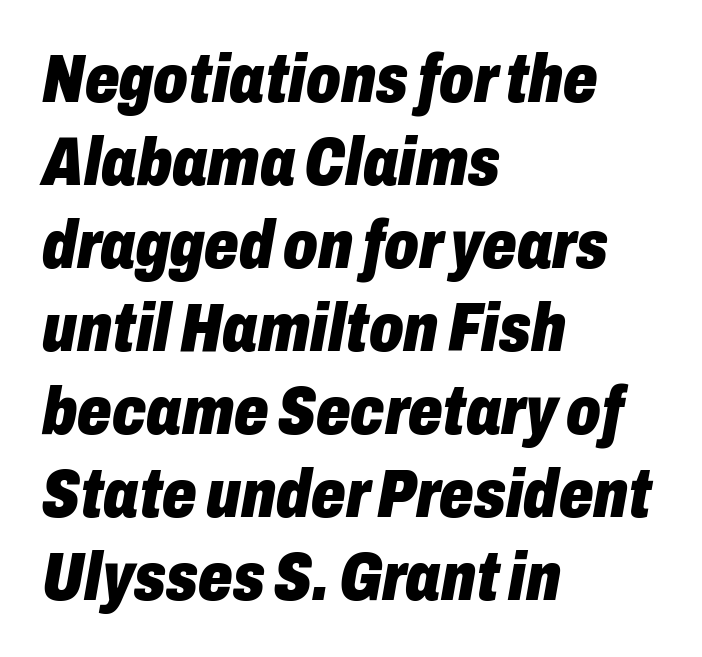
The paragraph has a hard left edge and a soft right edge. The letters are bold, with thick, heavy strokes. Compared with typical body copy, the letter spacing here is the same. Quick note: underline off.
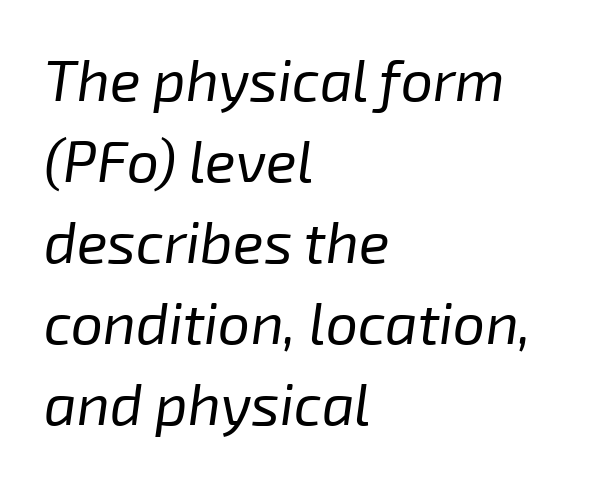
The paragraph has a hard left edge and a soft right edge. Clear beneath every line of the passage. On a weight scale, this lands at 450 or below. Spacing verdict: proportional, widths tailored to each character. Compared with typical body copy, the letter spacing here is the same. Interline gaps are of average width in this sample.
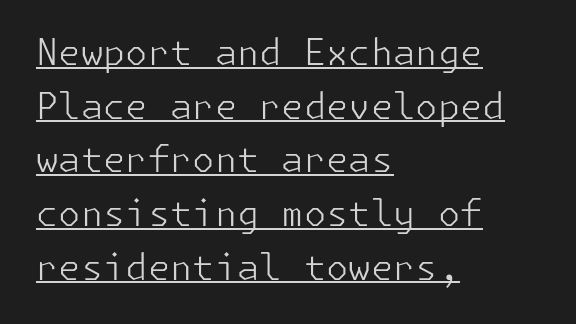
{"serif": "no", "italic": "no", "bold": "no", "weight": "light", "width": "normal", "stroke_contrast": "low", "x_height": "medium", "underline": "yes", "align": "left", "line_spacing": "normal", "line_spacing_ratio": 1.49, "letter_spacing": "normal", "letter_spacing_em": 0.0, "glyph_px": 36}
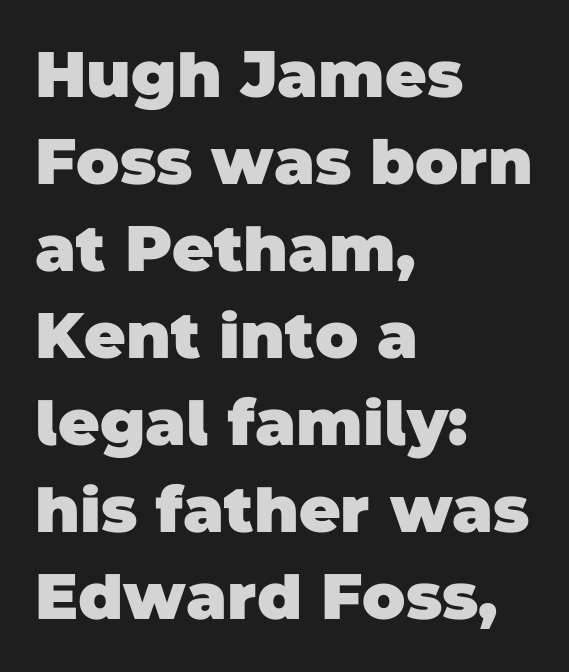
Q: Is the text bold? A: Yes.
Q: Is the typeface a serif or a sans-serif typeface? A: Sans-serif.
Q: Is the text underlined? A: No.
Q: How is the paragraph aligned? A: Left-aligned.
Q: Is the spacing between letters normal or unusually wide? A: Normal.
Q: Is the spacing between lines tight, normal or loose? A: Normal.
Q: Width (condensed, normal, or wide)? A: Normal.
Q: Stroke contrast? A: Low.
Q: x-height? A: Large.
Q: Monospaced? A: No.
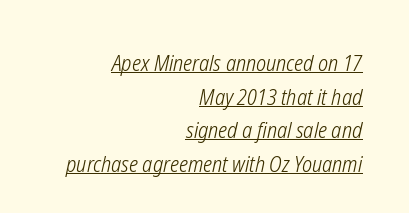
Q: Is the text bold? A: No.
Q: Is the text italic (slanted)? A: Yes, it leans right by about 12 degrees.
Q: Is the text underlined? A: Yes.
Q: How is the paragraph aligned? A: Right-aligned.
Q: Is the spacing between letters normal or unusually wide? A: Normal.
Q: Is the spacing between lines tight, normal or loose? A: Normal.
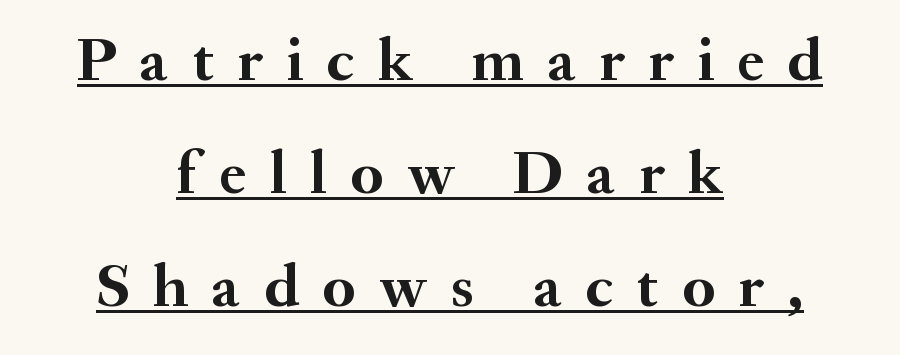
Q: Is the text bold? A: Yes.
Q: Is the text italic (slanted)? A: No, it is upright.
Q: Is the typeface a serif or a sans-serif typeface? A: Serif.
Q: Is the text underlined? A: Yes.
Q: How is the paragraph aligned? A: Centered.
Q: Is the spacing between letters normal or unusually wide? A: Unusually wide.
Q: Width (condensed, normal, or wide)? A: Normal.
Q: Stroke contrast? A: Medium.
Q: x-height? A: Small.
Q: Monospaced? A: No.
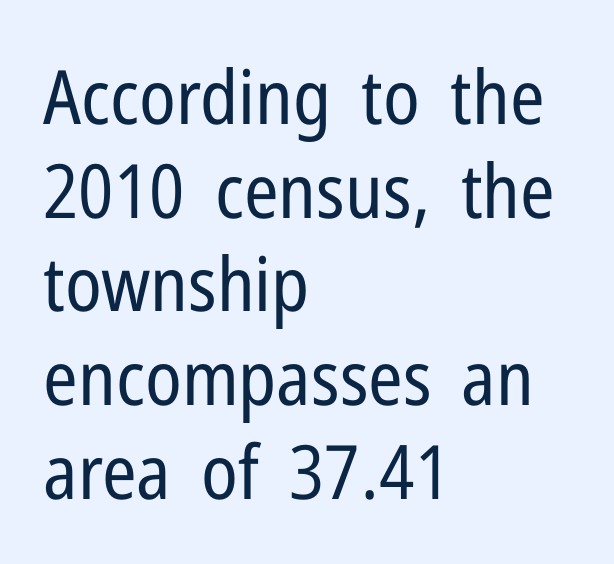
{"serif": "no", "italic": "no", "bold": "no", "weight": "regular", "width": "condensed", "stroke_contrast": "low", "x_height": "medium", "monospaced": "no", "underline": "no", "align": "left", "line_spacing": "normal", "line_spacing_ratio": 1.25, "letter_spacing": "normal", "letter_spacing_em": 0.0, "glyph_px": 75}
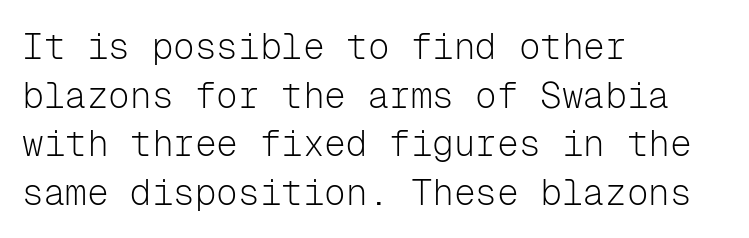
The setting favours the left margin, as ordinary paragraphs usually do. Look at the bottom of the vertical strokes: they stop flat, with no serifs. The typeface has the unassuming heft of standard copy or less. Nope, not italic — everything's standing straight. Here the designer chose a console-style face with uniform glyph widths. In terms of leading, this rendering sits right in the middle.
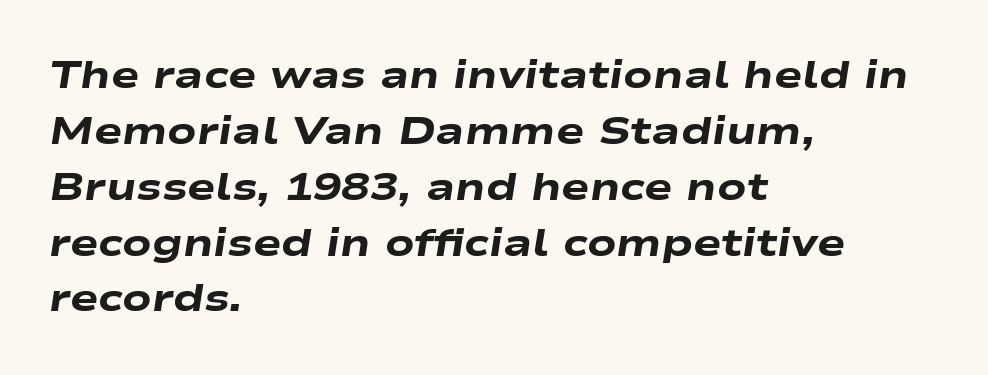
Horizontal bands of white between lines are of average thickness. Typeset ragged right — the left edge is the straight one. There's an unmistakable incline to the writing here. The specimen omits any rule beneath the text block's lines.
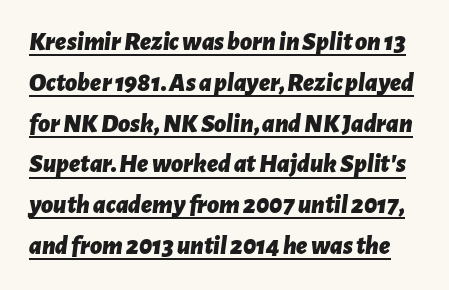
The image shows 26 px bold type, italic (leaning right); set normal line spacing (1.57x), normal letter spacing, underlined.
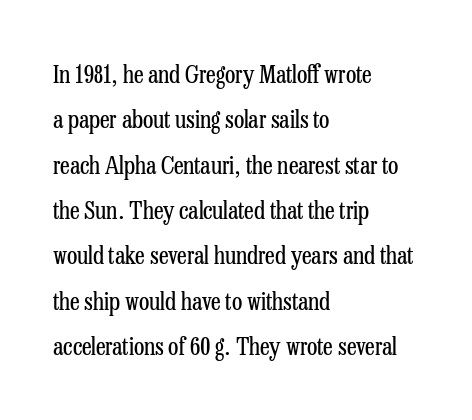
The lines are quadded left. Weight: regular or lighter. The baseline area is clear. The specimen reads as upright at a glance. Look at the tracking — it's just the regular setting, nothing added.
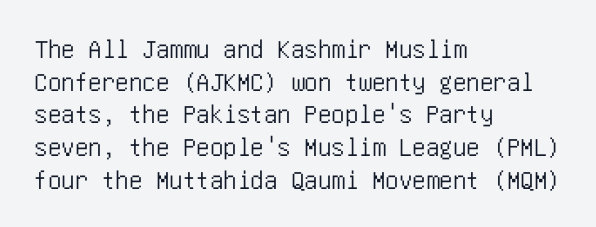
Words float on clear page, feet unadorned. Words appear dense and cohesive because spacing is normal. The lettering holds an erect, upright posture throughout. If you drew a ruler down the left edge, every line would touch it.
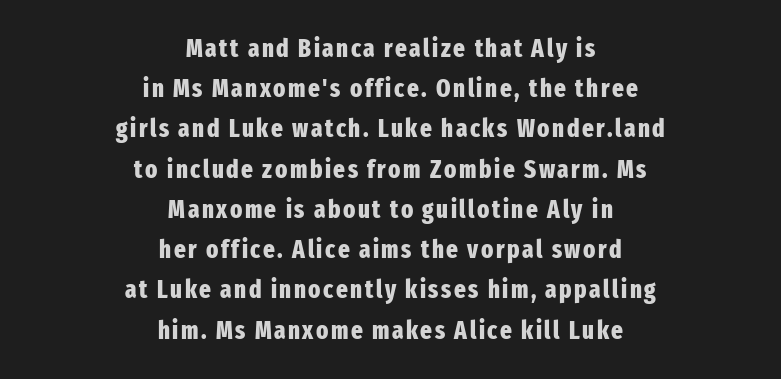
Q: Is the text bold? A: Yes.
Q: Is the text italic (slanted)? A: No, it is upright.
Q: Is the text underlined? A: No.
Q: How is the paragraph aligned? A: Centered.
Q: Is the spacing between lines tight, normal or loose? A: Normal.
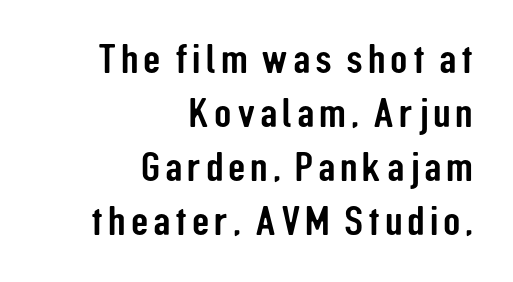
{"serif": "no", "italic": "no", "width": "condensed", "stroke_contrast": "low", "x_height": "medium", "monospaced": "no", "underline": "no", "align": "right", "line_spacing": "normal", "line_spacing_ratio": 1.35, "glyph_px": 40}
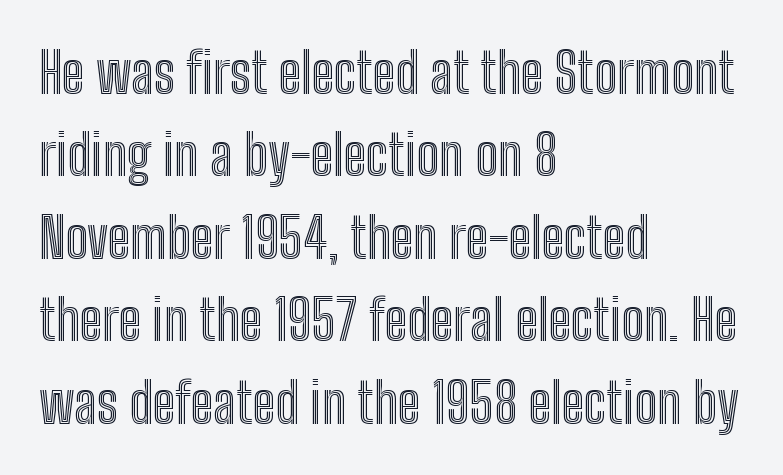
Q: Is the text italic (slanted)? A: No, it is upright.
Q: Is the text underlined? A: No.
Q: How is the paragraph aligned? A: Left-aligned.
Q: Is the spacing between letters normal or unusually wide? A: Normal.
Q: Is the spacing between lines tight, normal or loose? A: Normal.
Q: Width (condensed, normal, or wide)? A: Condensed.
Q: x-height? A: Medium.
Q: Monospaced? A: No.

YOUR INSTRUCTIONS
If a picture appears in the records, omit it and print everything else exactly.

PROBLEM SOLUTION
The paragraph has a hard left edge and a soft right edge. The letters are bold, with thick, heavy strokes. Compared with typical body copy, the letter spacing here is the same. Quick note: underline off.
The paragraph has a hard left edge and a soft right edge. Clear beneath every line of the passage. On a weight scale, this lands at 450 or below. Spacing verdict: proportional, widths tailored to each character. Compared with typical body copy, the letter spacing here is the same. Interline gaps are of average width in this sample.
{"serif": "no", "italic": "no", "bold": "no", "weight": "light", "width": "normal", "stroke_contrast": "low", "x_height": "medium", "underline": "yes", "align": "left", "line_spacing": "normal", "line_spacing_ratio": 1.49, "letter_spacing": "normal", "letter_spacing_em": 0.0, "glyph_px": 36}
Q: Is the text bold? A: Yes.
Q: Is the typeface a serif or a sans-serif typeface? A: Sans-serif.
Q: Is the text underlined? A: No.
Q: How is the paragraph aligned? A: Left-aligned.
Q: Is the spacing between letters normal or unusually wide? A: Normal.
Q: Is the spacing between lines tight, normal or loose? A: Normal.
Q: Width (condensed, normal, or wide)? A: Normal.
Q: Stroke contrast? A: Low.
Q: x-height? A: Large.
Q: Monospaced? A: No.
Q: Is the text bold? A: No.
Q: Is the text italic (slanted)? A: Yes, it leans right by about 12 degrees.
Q: Is the text underlined? A: Yes.
Q: How is the paragraph aligned? A: Right-aligned.
Q: Is the spacing between letters normal or unusually wide? A: Normal.
Q: Is the spacing between lines tight, normal or loose? A: Normal.
Q: Is the text bold? A: Yes.
Q: Is the text italic (slanted)? A: No, it is upright.
Q: Is the typeface a serif or a sans-serif typeface? A: Serif.
Q: Is the text underlined? A: Yes.
Q: How is the paragraph aligned? A: Centered.
Q: Is the spacing between letters normal or unusually wide? A: Unusually wide.
Q: Width (condensed, normal, or wide)? A: Normal.
Q: Stroke contrast? A: Medium.
Q: x-height? A: Small.
Q: Monospaced? A: No.
{"serif": "no", "italic": "no", "bold": "no", "weight": "regular", "width": "condensed", "stroke_contrast": "low", "x_height": "medium", "monospaced": "no", "underline": "no", "align": "left", "line_spacing": "normal", "line_spacing_ratio": 1.25, "letter_spacing": "normal", "letter_spacing_em": 0.0, "glyph_px": 75}
The setting favours the left margin, as ordinary paragraphs usually do. Look at the bottom of the vertical strokes: they stop flat, with no serifs. The typeface has the unassuming heft of standard copy or less. Nope, not italic — everything's standing straight. Here the designer chose a console-style face with uniform glyph widths. In terms of leading, this rendering sits right in the middle.
Horizontal bands of white between lines are of average thickness. Typeset ragged right — the left edge is the straight one. There's an unmistakable incline to the writing here. The specimen omits any rule beneath the text block's lines.
The image shows 26 px bold type, italic (leaning right); set normal line spacing (1.57x), normal letter spacing, underlined.
The lines are quadded left. Weight: regular or lighter. The baseline area is clear. The specimen reads as upright at a glance. Look at the tracking — it's just the regular setting, nothing added.
Words float on clear page, feet unadorned. Words appear dense and cohesive because spacing is normal. The lettering holds an erect, upright posture throughout. If you drew a ruler down the left edge, every line would touch it.
Q: Is the text bold? A: Yes.
Q: Is the text italic (slanted)? A: No, it is upright.
Q: Is the text underlined? A: No.
Q: How is the paragraph aligned? A: Centered.
Q: Is the spacing between lines tight, normal or loose? A: Normal.
{"serif": "no", "italic": "no", "width": "condensed", "stroke_contrast": "low", "x_height": "medium", "monospaced": "no", "underline": "no", "align": "right", "line_spacing": "normal", "line_spacing_ratio": 1.35, "glyph_px": 40}
Q: Is the text italic (slanted)? A: No, it is upright.
Q: Is the text underlined? A: No.
Q: How is the paragraph aligned? A: Left-aligned.
Q: Is the spacing between letters normal or unusually wide? A: Normal.
Q: Is the spacing between lines tight, normal or loose? A: Normal.
Q: Width (condensed, normal, or wide)? A: Condensed.
Q: x-height? A: Medium.
Q: Monospaced? A: No.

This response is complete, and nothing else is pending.